In Rome, in just a few hours, the “Differenza Donna” NGO gathered the contacts of 30 women who had discovered their names on the graves of the Flaminio cemetery and decided to file a collective legal action. This is also what Francesca wants, one of the women who on Wednesday found her name on one of those crosses: “another very deep stab to the heart, endless pain and blinding rage,” she wrote on Facebook. She remembers she asked the hospital “on three occasions what happened to the fetus,” but never received any answer.

“Next week, we will all get together,” explains President Elisa Ercoli. “We will ask for an audience at the Minister of Health Speranza and the sole administrator of AMA [the municipal authority in charge of cemeteries], Stefano Zaghis,” who has been silent on the matter so far, just like Mayor Virginia Raggi. Representing the City of Rome, Delegate for Gender Policy Lorenza Fruci spoke yesterday on TG3: “It was unacceptable what happened with the names on the graves, a humiliating and intolerable practice that violates the right of these women to privacy.”

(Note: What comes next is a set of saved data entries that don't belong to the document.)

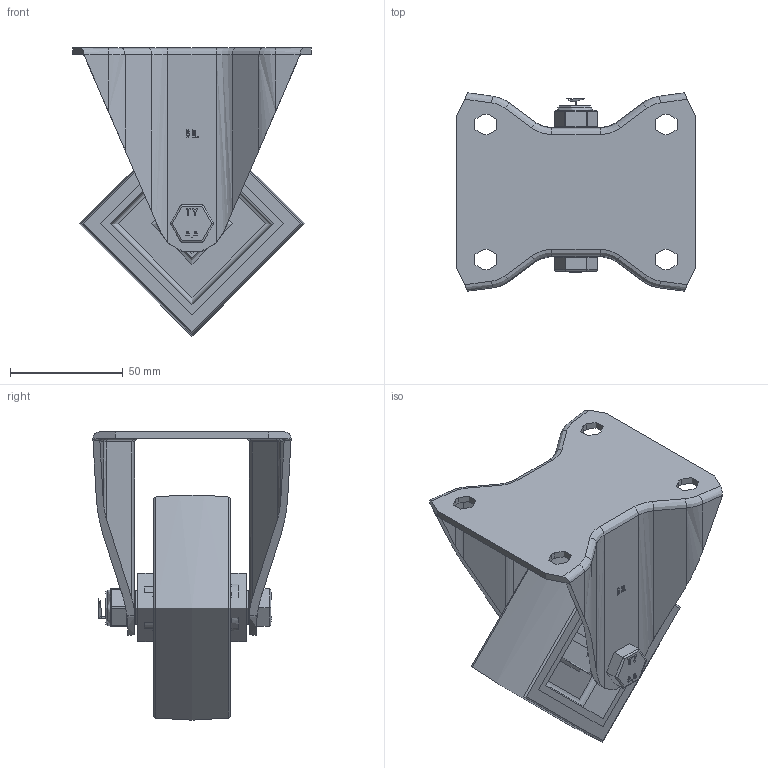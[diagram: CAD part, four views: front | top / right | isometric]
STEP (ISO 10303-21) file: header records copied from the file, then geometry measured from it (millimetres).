
FILE_DESCRIPTION(/* description */ (''),/* implementation_level */ '2;1');
FILE_NAME(/* name */ 'BZHF100NPB.step',/* time_stamp */ '2025-06-03T14:46:55+01:00',/* author */ (''),/* organization */ (''),/* preprocessor_version */ 'ST-DEVELOPER v20.1',/* originating_system */ 'Autodesk Translation Framework v14.10.0.0',/* authorisation */ '');
FILE_SCHEMA (('AUTOMOTIVE_DESIGN { 1 0 10303 214 3 1 1 }'));
Length unit declared in the file: millimetre
Products named in the file (20): BZHF100NPB; BZHF100AS v1; ZINC PLATED, PRESSED STEEL BRACKET; BZH100WNPRB61 v1; POLYURETHANE TYRE; NYLON RIM; NYLON RIM Geometry; CAP; ROLLER BEARING; CAGE; RIBS; Component4; TUBEM15X50 v1; ZINC PLATED AXLE TUBE; HEXBOLTM10X70Z8.8 v2; GRADE 8.8 THREADED ZINC PLATED BOLT; NYLOCM10Z v1; NYLOC NUT; RUBBER; NUT
Assembly tree (26 placements, depth 5):
  BZHF100NPB
    BZHF100AS v1
      ZINC PLATED, PRESSED STEEL BRACKET
    BZH100WNPRB61 v1
      POLYURETHANE TYRE
      NYLON RIM
        NYLON RIM Geometry
        CAP
      ROLLER BEARING
        CAGE
        RIBS
          Component4  x8
    TUBEM15X50 v1
      ZINC PLATED AXLE TUBE
    HEXBOLTM10X70Z8.8 v2
      GRADE 8.8 THREADED ZINC PLATED BOLT
    NYLOCM10Z v1
      NYLOC NUT
        RUBBER
        NUT
Bounding box: 106 x 88 x 128 mm (x, y, z)
Volume: 230963.8 mm3; surface area: 113950.2 mm2
Topology: 17 solids, 17 shells, 455 faces, 1126 edges, 711 vertices
Faces by surface type: plane 206, cylinder 161, bspline 49, torus 25, sphere 12, cone 2
Full cylindrical faces by diameter (mm): 4 x8, 8.141 x18, 9.85 x19, 10 x3, 10.25 x2, 10.5 x1, 12 x2, 15 x2, 15.5 x2, 16 x2, 23 x1, 23.5 x1, 26.9 x1, 27 x1, 30.5 x2, 81 x2
Entity records: 18919 total; most frequent: CARTESIAN_POINT 8033, ORIENTED_EDGE 2210, DIRECTION 2102, EDGE_CURVE 1105, AXIS2_PLACEMENT_3D 753, VERTEX_POINT 697, LINE 596, VECTOR 596
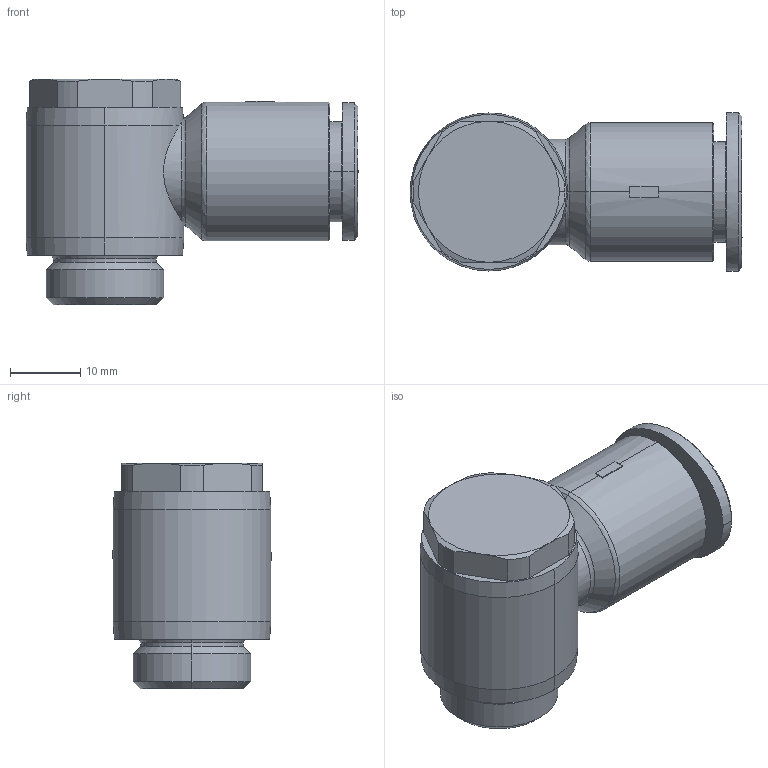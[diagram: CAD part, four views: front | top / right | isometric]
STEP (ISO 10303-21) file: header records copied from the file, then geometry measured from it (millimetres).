
FILE_DESCRIPTION (( 'STEP AP214' ), '1' );
FILE_NAME ('PH12-G03.stp', '2015-08-28T10:23:23', ( '' ), ( '' ), 'SwSTEP 2.0', 'SolidWorks 2015', '' );
FILE_SCHEMA (( 'AUTOMOTIVE_DESIGN' ));
Length unit declared in the file: millimetre
Products named in the file (2): PH12-G03; ｦ+ﾃｦ1
Assembly tree (1 placements, depth 2):
  PH12-G03
    ｦ+ﾃｦ1
Bounding box: 47.1 x 22.5 x 32 mm (x, y, z)
Volume: 12881.9 mm3; surface area: 9101.2 mm2
Topology: 1 solids, 1 shells, 427 faces, 1187 edges, 778 vertices
Faces by surface type: plane 353, cone 33, cylinder 28, bspline 11, torus 2
Entity records: 15076 total; most frequent: CARTESIAN_POINT 3350, ORIENTED_EDGE 2370, DIRECTION 2079, EDGE_CURVE 1185, VECTOR 1047, LINE 1047, VERTEX_POINT 778, AXIS2_PLACEMENT_3D 516

However, the M5S junta has not said up to this point whether they have intervened to ask to remove the names from the gravestones and to stop this practice in Roman cemeteries. The radical Deputy Riccardo Magi urged Raggi to take action: “The City Council of Rome must quickly approve an amendment to the regulations that would put the respect for privacy and the choice of the woman at the forefront and provide for the immediate removal of all names from the crosses.”

“In this terrible story, the passing of responsibility back and forth between AMA and the San Camillo hospital is disturbing and irresponsible,” accused the women’s coordinating committee of ANPI in Rome. “The Privacy Guarantor must shed full light on what happened, and the government must guarantee full respect for Law 194,” urged the CGIL union’s Lazio branch.

“We must push the government to revise the mortuary police regulations dating from 1990. We, as a region, can consider passing either an implementing regulation or an even stricter regional law to eliminate the discretion that led to the case of the Flaminio cemetery,” says the leader of the Zingaretti List for the region, Marta Bonafoni. “I have already proposed to the majority to go back through all the steps taken, from the cemetery upwards: the AMA, Municipality, hospital, local health authority, region, national regulations, national law. We will discover that there are discretionary choices and an ambiguity that is the result of the ambiguity of the law, an ambiguity that draws its life from ideology.”

Even the leader of Family Day, the anti-abortion activist Massimo Gandolfini, denounced this practice: “Writing the name and surname of the mother on the grave is a wrongheaded and mindless procedure.”